The Kerry singer’s new record melds traditional songs and orchestral arrangements

Muireann Nic Amhlaoibh and Irish Chamber Orchestra
Muireann Nic Amhlaoibh and Irish Chamber Orchestra

Big songs are the backbone of our tradition. Songs that have survived centuries of upheaval, resonating as much today as they did when they were first written. The past two years have left their mark on us all, but for some musicians they have heralded a creative impetus that’s a boon for listeners hungry for a fresh perspective on familiar sounds.

Muireann Nic Amhlaoibh is a singer from west Kerry who has had a long track record of producing finely tempered albums, as well as enjoying a successful broadcasting career on both television and radio. She toured the world as a member of Danú, and her song repertoire is as wide as it is deep.

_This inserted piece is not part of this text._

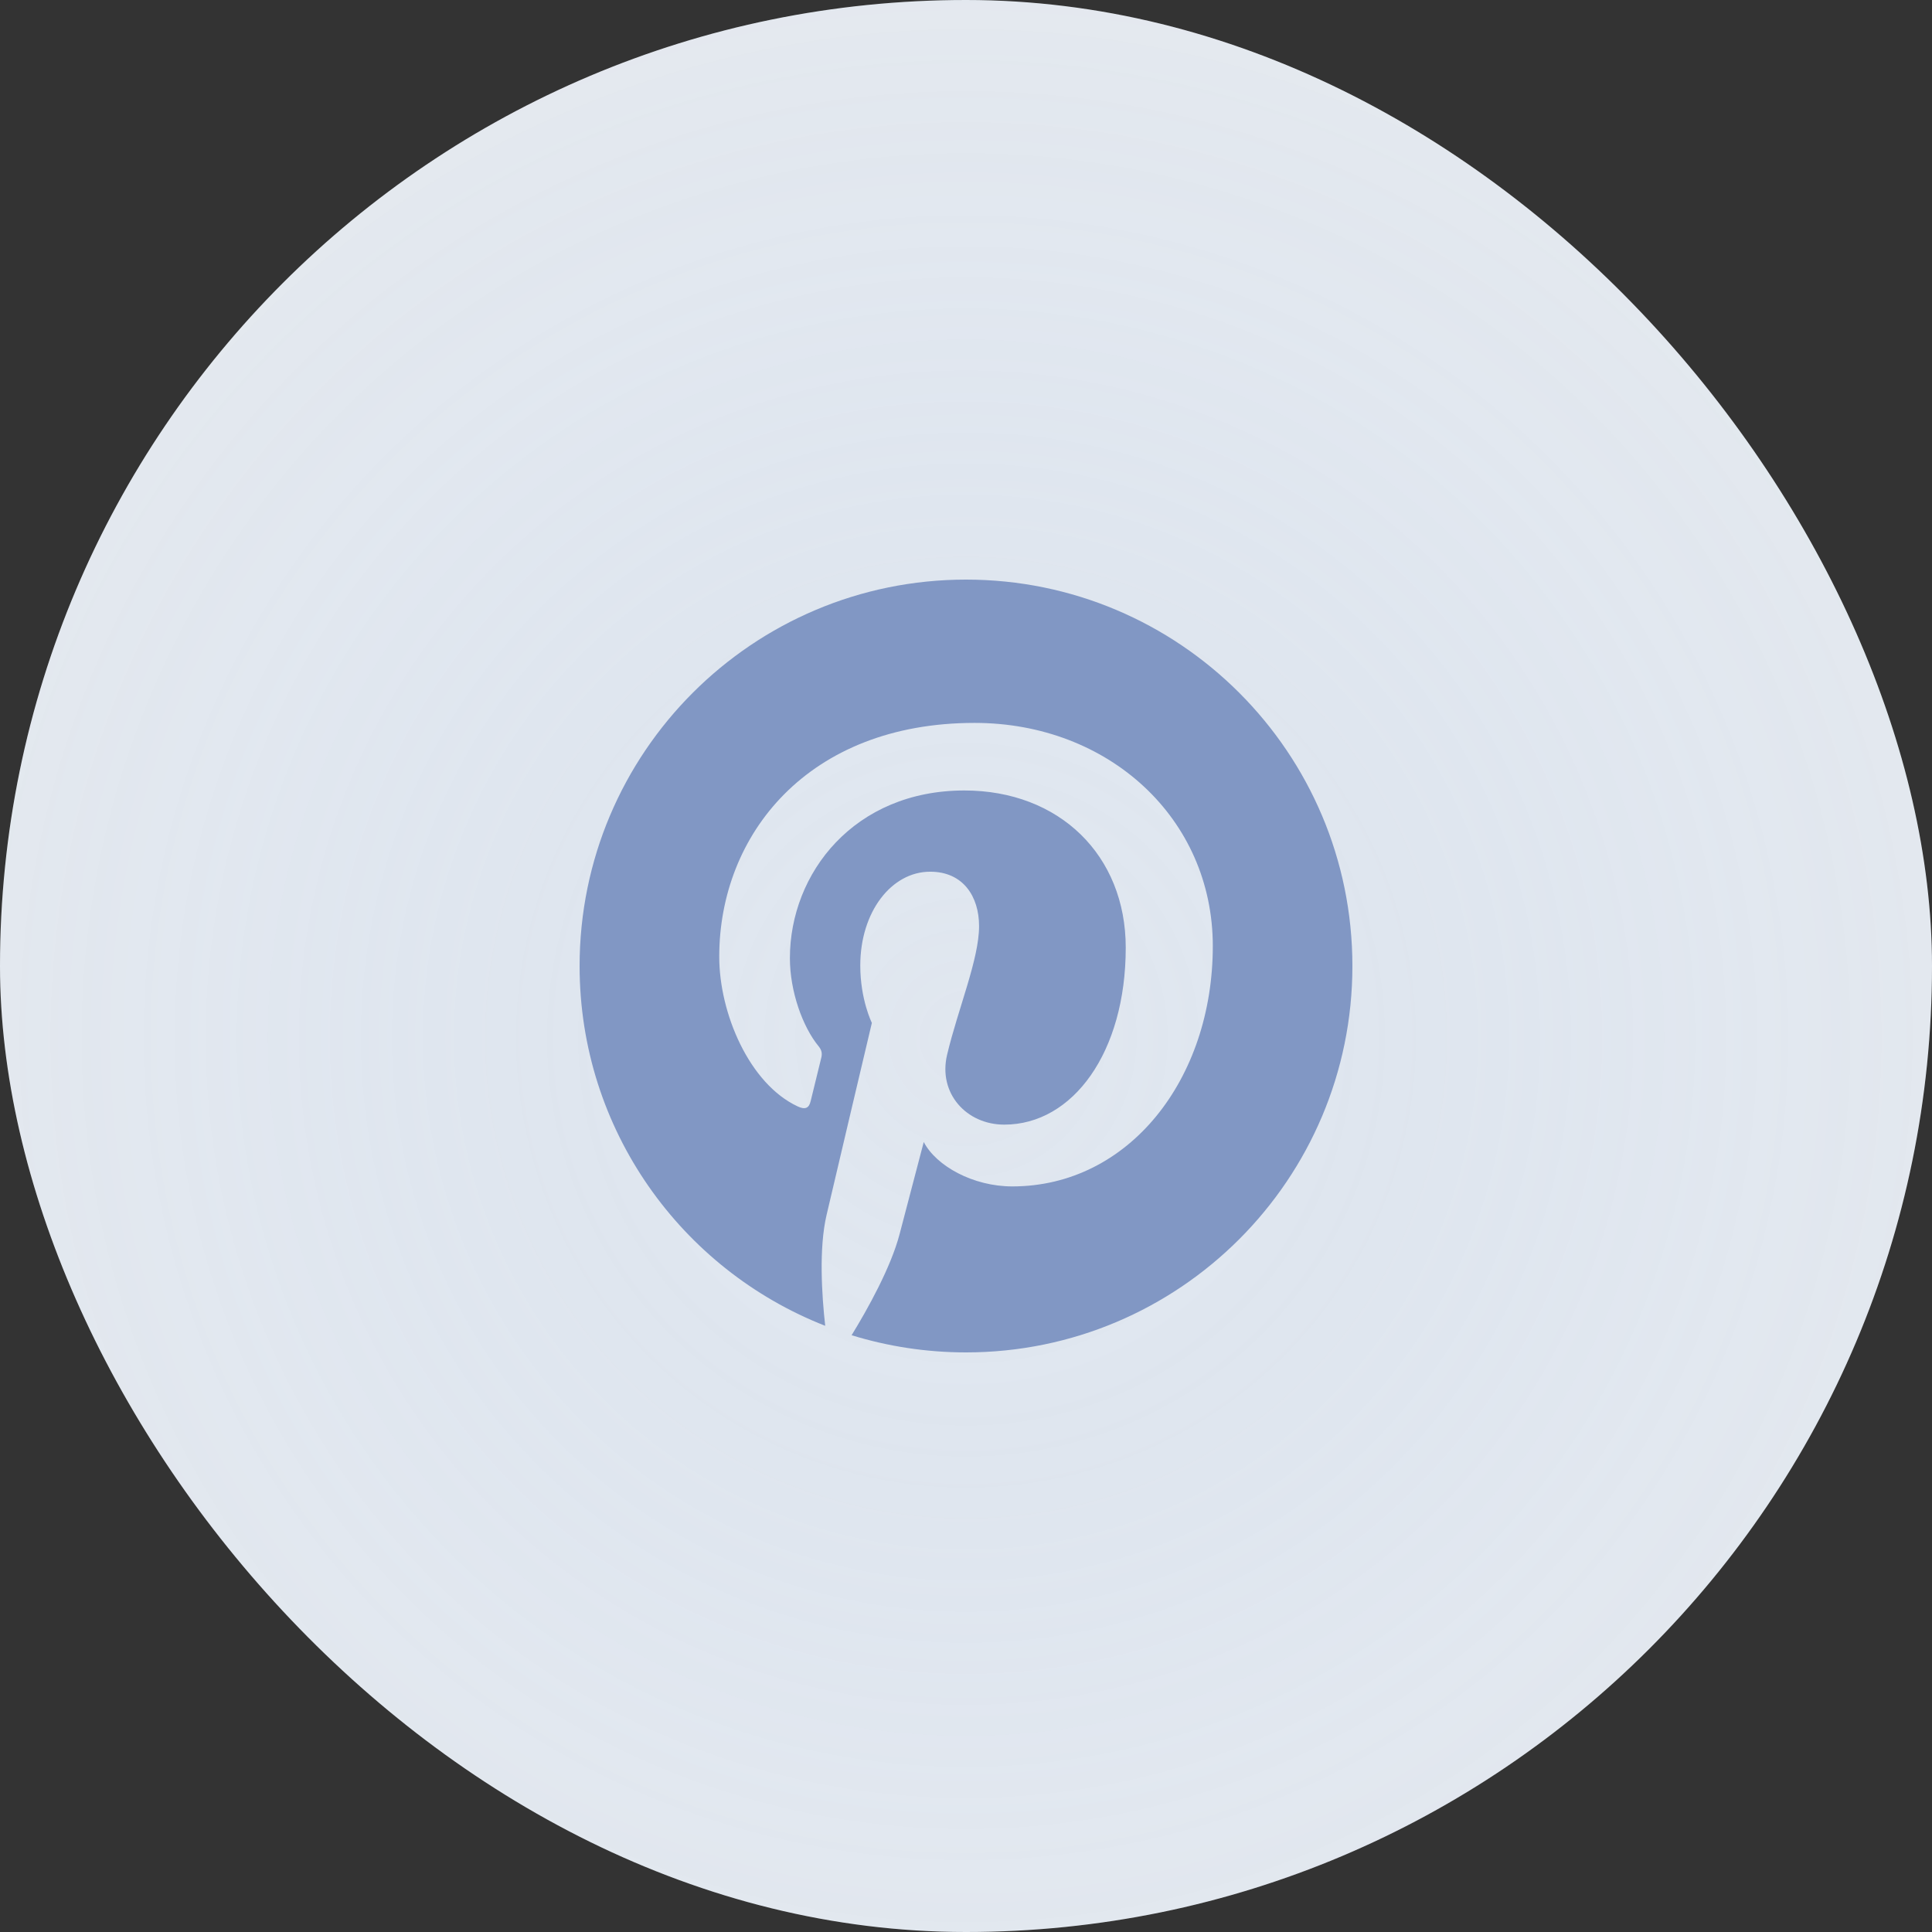 <?xml version="1.0" encoding="UTF-8"?> <svg xmlns="http://www.w3.org/2000/svg" width="47" height="47" viewBox="0 0 47 47" fill="none"><rect x="0" y="0" width="47" height="47" fill="#333333" stroke="none"/> <rect width="47" height="47" rx="23.5" fill="#EFEFEF"></rect> <rect width="47" height="47" rx="23.5" fill="url(#paint0_diamond_138_1535)" fill-opacity="0.2"></rect> <path d="M23.5 14.1C18.309 14.1 14.1 18.309 14.1 23.5C14.1 27.482 16.578 30.884 20.075 32.253C19.992 31.51 19.918 30.368 20.108 29.557C20.278 28.823 21.21 24.884 21.21 24.884C21.21 24.884 20.928 24.321 20.928 23.489C20.928 22.182 21.686 21.206 22.629 21.206C23.431 21.206 23.818 21.809 23.818 22.53C23.818 23.337 23.305 24.543 23.04 25.66C22.818 26.596 23.509 27.359 24.431 27.359C26.102 27.359 27.386 25.597 27.386 23.054C27.386 20.804 25.769 19.23 23.46 19.23C20.786 19.23 19.216 21.236 19.216 23.31C19.216 24.117 19.527 24.984 19.916 25.455C19.992 25.548 20.003 25.63 19.981 25.725C19.909 26.021 19.751 26.66 19.72 26.791C19.679 26.963 19.583 26.999 19.406 26.916C18.231 26.369 17.497 24.653 17.497 23.274C17.497 20.309 19.652 17.586 23.709 17.586C26.97 17.586 29.504 19.909 29.504 23.015C29.504 26.255 27.461 28.862 24.626 28.862C23.673 28.862 22.778 28.367 22.472 27.782C22.472 27.782 22 29.577 21.886 30.017C21.673 30.834 21.101 31.857 20.717 32.482C21.597 32.753 22.531 32.9 23.5 32.9C28.691 32.9 32.9 28.691 32.9 23.5C32.9 18.309 28.691 14.1 23.5 14.1Z" fill="#8197C4"></path> <defs> <radialGradient id="paint0_diamond_138_1535" cx="0" cy="0" r="1" gradientUnits="userSpaceOnUse" gradientTransform="translate(23.5 25.247) rotate(90) scale(38.584)"> <stop stop-color="#A7C7F0"></stop> <stop offset="1" stop-color="#217BF1" stop-opacity="0"></stop> </radialGradient> </defs> </svg>

She releases Róisín Reimagined this month, a richly textured collection of sean nós songs, mostly from Munster, with Irish Chamber Orchestra, produced by Dónal O'Connor. Six composers were commissioned to arrange our most iconic songs for Nic Amhlaoibh, including Linda Buckley, Sam Perkin and Cormac McCarthy. It's a gargantuan undertaking that has resulted in a balm of a collection emerging from the pandemic.

Irish Chamber Orchestra
Irish Chamber Orchestra

“Initially it grew out of lockdown and having to stop everything that I had been doing up to then,” says Nic Amhlaoibh. “It seemed like the time to try something new. It was about looking to the future rather than wallowing in the misery of lockdown, and having something hopeful to look forward to. Initially we spoke about working with a string quartet and a piano, but of course [producer] Donal O’Connor tends to take ideas and expand upon them, times a million. The idea of working with six fantastic contemporary Irish arrangers was really exciting because it was a chance to bring in new colours, and what they’ve added to the songs just opened everything out so much more.”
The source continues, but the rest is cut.